What to do -
Please reproduce all entries word for word, leaving every image behind.
━━━ Stored data
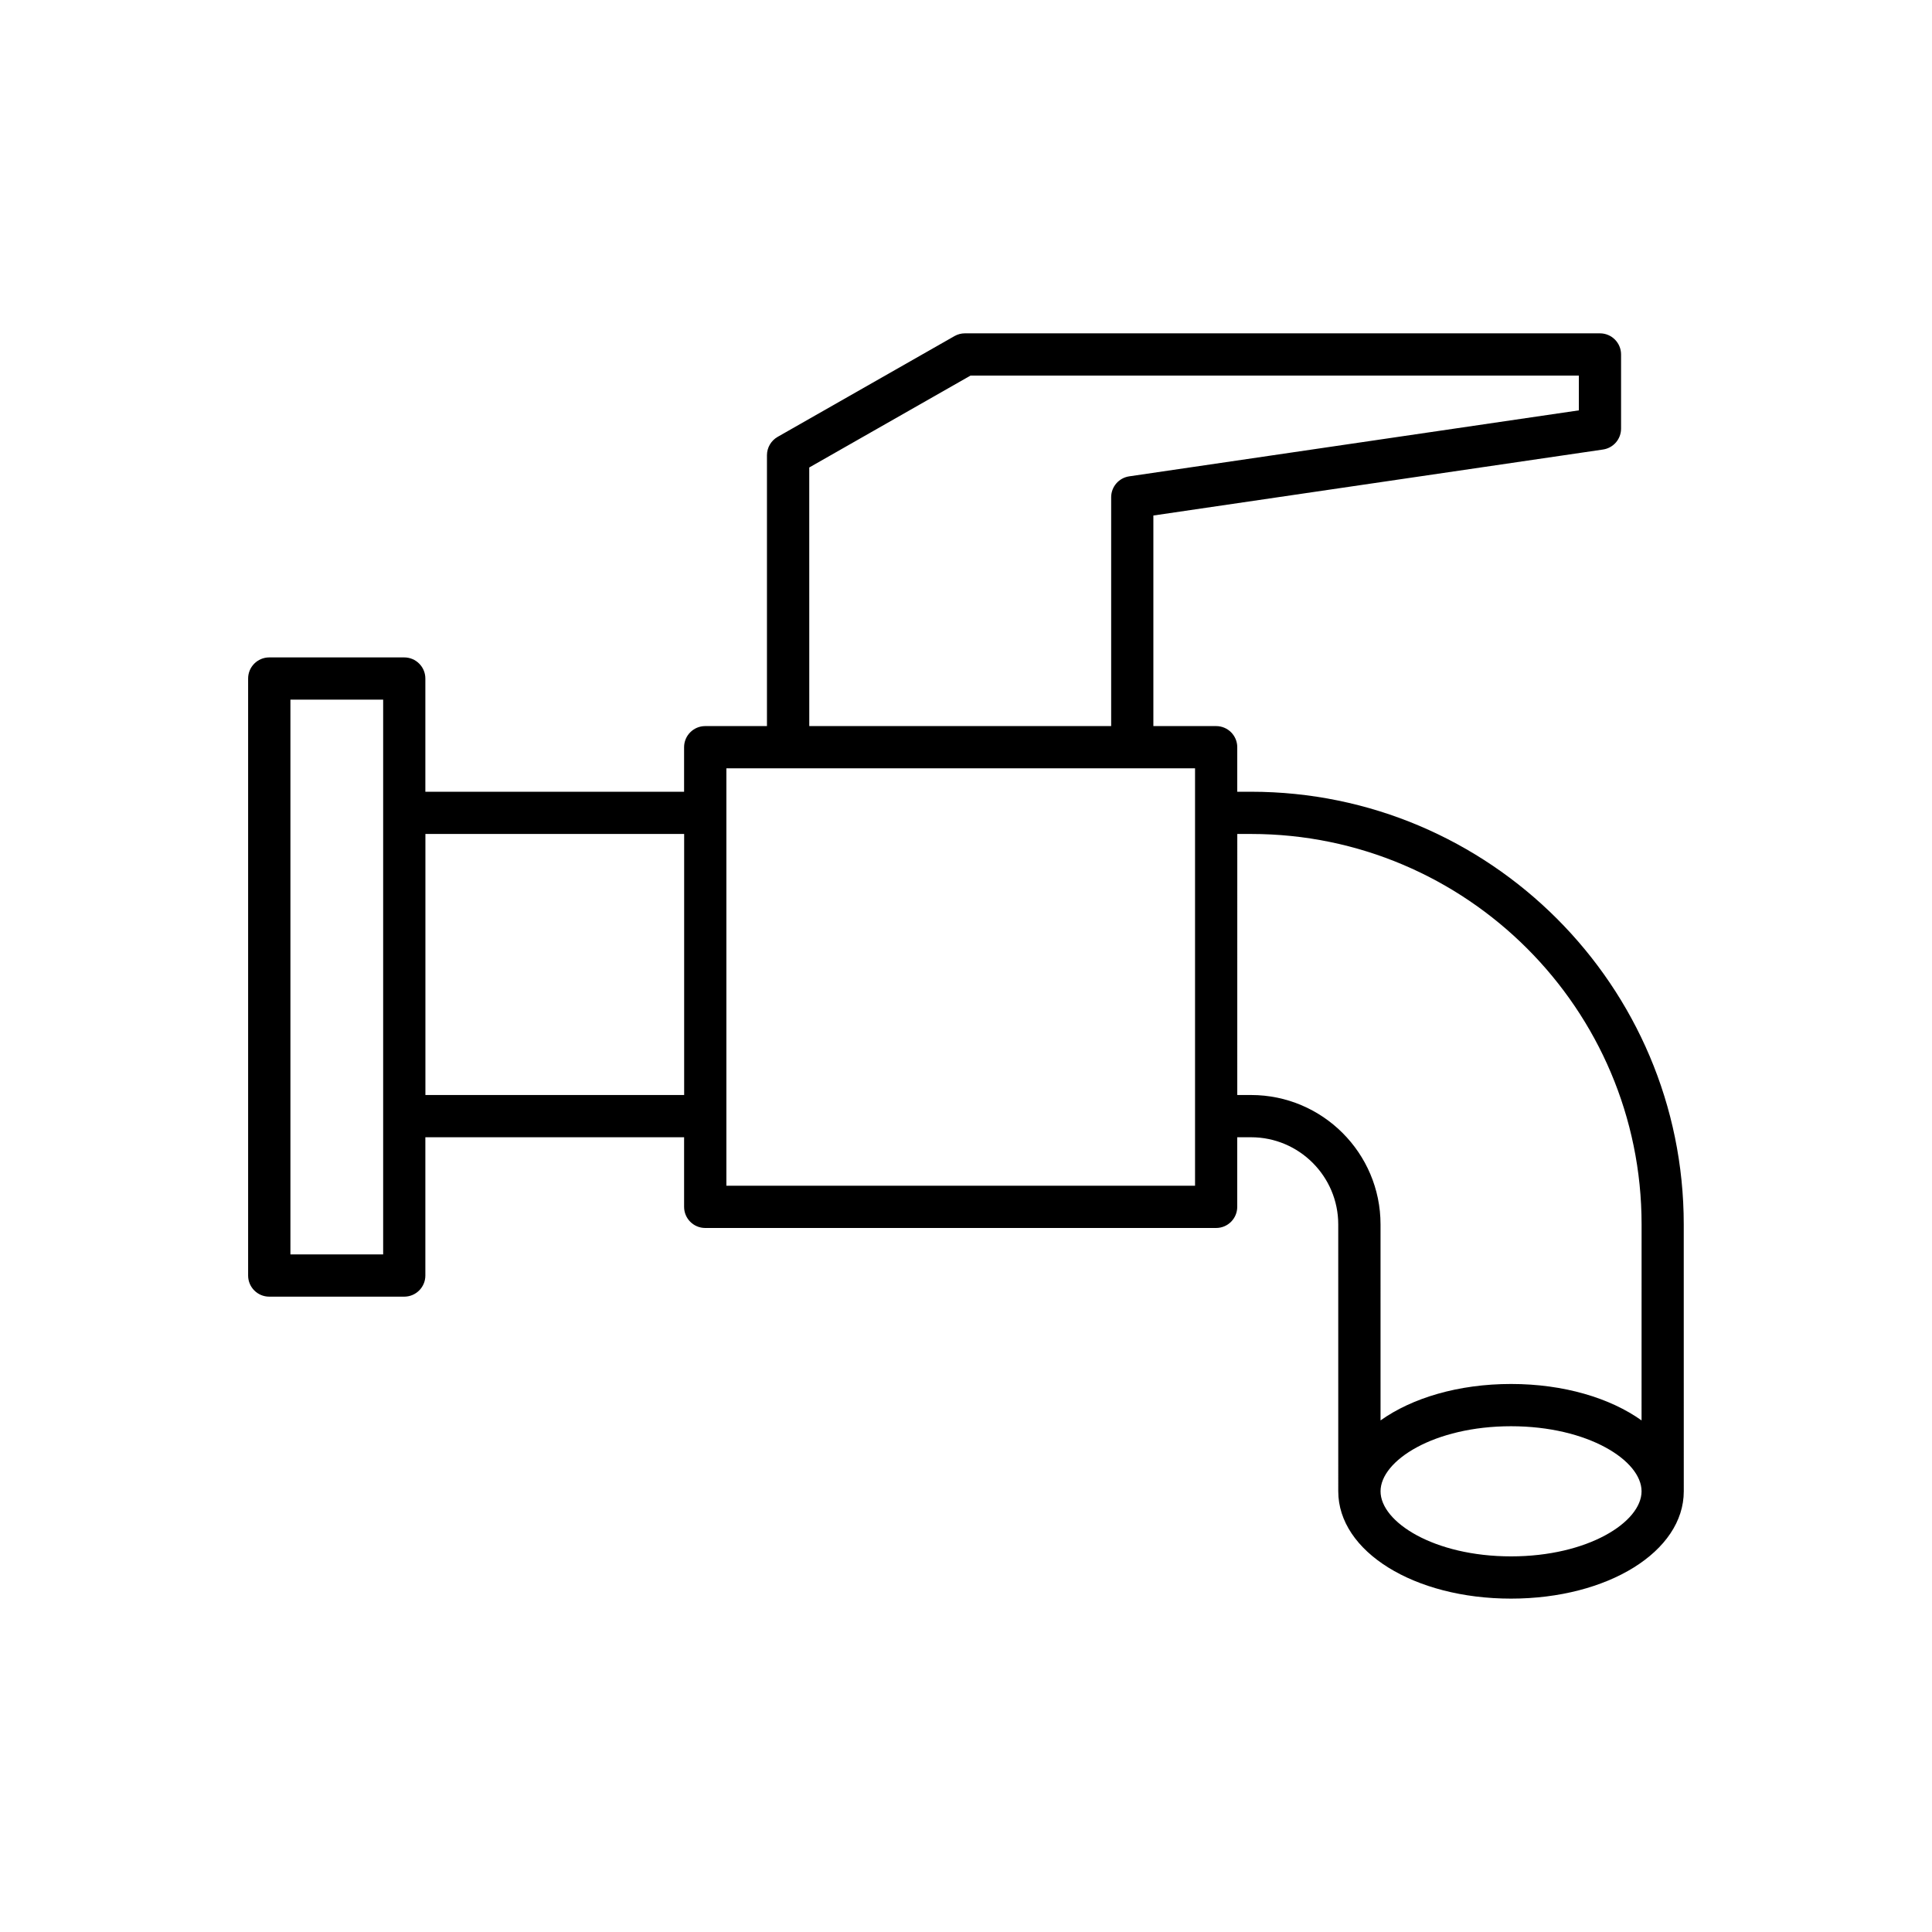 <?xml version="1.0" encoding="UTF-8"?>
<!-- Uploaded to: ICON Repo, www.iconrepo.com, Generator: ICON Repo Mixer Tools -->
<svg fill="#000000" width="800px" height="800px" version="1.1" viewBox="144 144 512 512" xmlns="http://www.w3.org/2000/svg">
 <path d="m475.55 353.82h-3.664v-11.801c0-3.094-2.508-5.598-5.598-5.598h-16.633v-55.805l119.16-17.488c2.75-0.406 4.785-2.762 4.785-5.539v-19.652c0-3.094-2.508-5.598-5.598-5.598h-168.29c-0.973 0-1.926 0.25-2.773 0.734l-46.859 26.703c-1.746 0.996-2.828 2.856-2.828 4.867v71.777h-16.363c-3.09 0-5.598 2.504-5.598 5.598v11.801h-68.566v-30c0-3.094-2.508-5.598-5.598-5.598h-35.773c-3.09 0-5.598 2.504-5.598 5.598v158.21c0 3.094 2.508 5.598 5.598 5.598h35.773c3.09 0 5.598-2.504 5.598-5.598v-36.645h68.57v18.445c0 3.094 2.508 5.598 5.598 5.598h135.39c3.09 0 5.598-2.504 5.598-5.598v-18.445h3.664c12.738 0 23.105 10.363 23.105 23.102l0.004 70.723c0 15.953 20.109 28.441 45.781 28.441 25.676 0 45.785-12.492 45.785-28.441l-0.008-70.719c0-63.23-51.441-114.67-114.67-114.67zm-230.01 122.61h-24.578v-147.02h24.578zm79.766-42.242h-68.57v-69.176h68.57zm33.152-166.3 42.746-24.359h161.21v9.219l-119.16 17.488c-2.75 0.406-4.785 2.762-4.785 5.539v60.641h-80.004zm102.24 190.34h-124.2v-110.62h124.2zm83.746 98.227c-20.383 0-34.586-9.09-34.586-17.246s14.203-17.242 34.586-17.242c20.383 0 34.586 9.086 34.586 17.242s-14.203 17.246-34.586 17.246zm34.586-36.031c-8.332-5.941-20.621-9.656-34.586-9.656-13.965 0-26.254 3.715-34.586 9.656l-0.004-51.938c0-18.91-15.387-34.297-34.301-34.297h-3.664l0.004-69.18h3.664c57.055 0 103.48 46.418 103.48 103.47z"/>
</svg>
━━━━━━
Response area -
 <?xml version="1.0" encoding="UTF-8"?>
<!-- Uploaded to: ICON Repo, www.iconrepo.com, Generator: ICON Repo Mixer Tools -->
<svg fill="#000000" width="800px" height="800px" version="1.1" viewBox="144 144 512 512" xmlns="http://www.w3.org/2000/svg">
 <path d="m475.55 353.82h-3.664v-11.801c0-3.094-2.508-5.598-5.598-5.598h-16.633v-55.805l119.16-17.488c2.75-0.406 4.785-2.762 4.785-5.539v-19.652c0-3.094-2.508-5.598-5.598-5.598h-168.29c-0.973 0-1.926 0.25-2.773 0.734l-46.859 26.703c-1.746 0.996-2.828 2.856-2.828 4.867v71.777h-16.363c-3.09 0-5.598 2.504-5.598 5.598v11.801h-68.566v-30c0-3.094-2.508-5.598-5.598-5.598h-35.773c-3.09 0-5.598 2.504-5.598 5.598v158.21c0 3.094 2.508 5.598 5.598 5.598h35.773c3.09 0 5.598-2.504 5.598-5.598v-36.645h68.57v18.445c0 3.094 2.508 5.598 5.598 5.598h135.39c3.09 0 5.598-2.504 5.598-5.598v-18.445h3.664c12.738 0 23.105 10.363 23.105 23.102l0.004 70.723c0 15.953 20.109 28.441 45.781 28.441 25.676 0 45.785-12.492 45.785-28.441l-0.008-70.719c0-63.23-51.441-114.67-114.67-114.67zm-230.01 122.61h-24.578v-147.02h24.578zm79.766-42.242h-68.57v-69.176h68.57zm33.152-166.3 42.746-24.359h161.21v9.219l-119.16 17.488c-2.75 0.406-4.785 2.762-4.785 5.539v60.641h-80.004zm102.24 190.34h-124.2v-110.62h124.2zm83.746 98.227c-20.383 0-34.586-9.09-34.586-17.246s14.203-17.242 34.586-17.242c20.383 0 34.586 9.086 34.586 17.242s-14.203 17.246-34.586 17.246zm34.586-36.031c-8.332-5.941-20.621-9.656-34.586-9.656-13.965 0-26.254 3.715-34.586 9.656l-0.004-51.938c0-18.91-15.387-34.297-34.301-34.297h-3.664l0.004-69.18h3.664c57.055 0 103.48 46.418 103.48 103.47z"/>
</svg>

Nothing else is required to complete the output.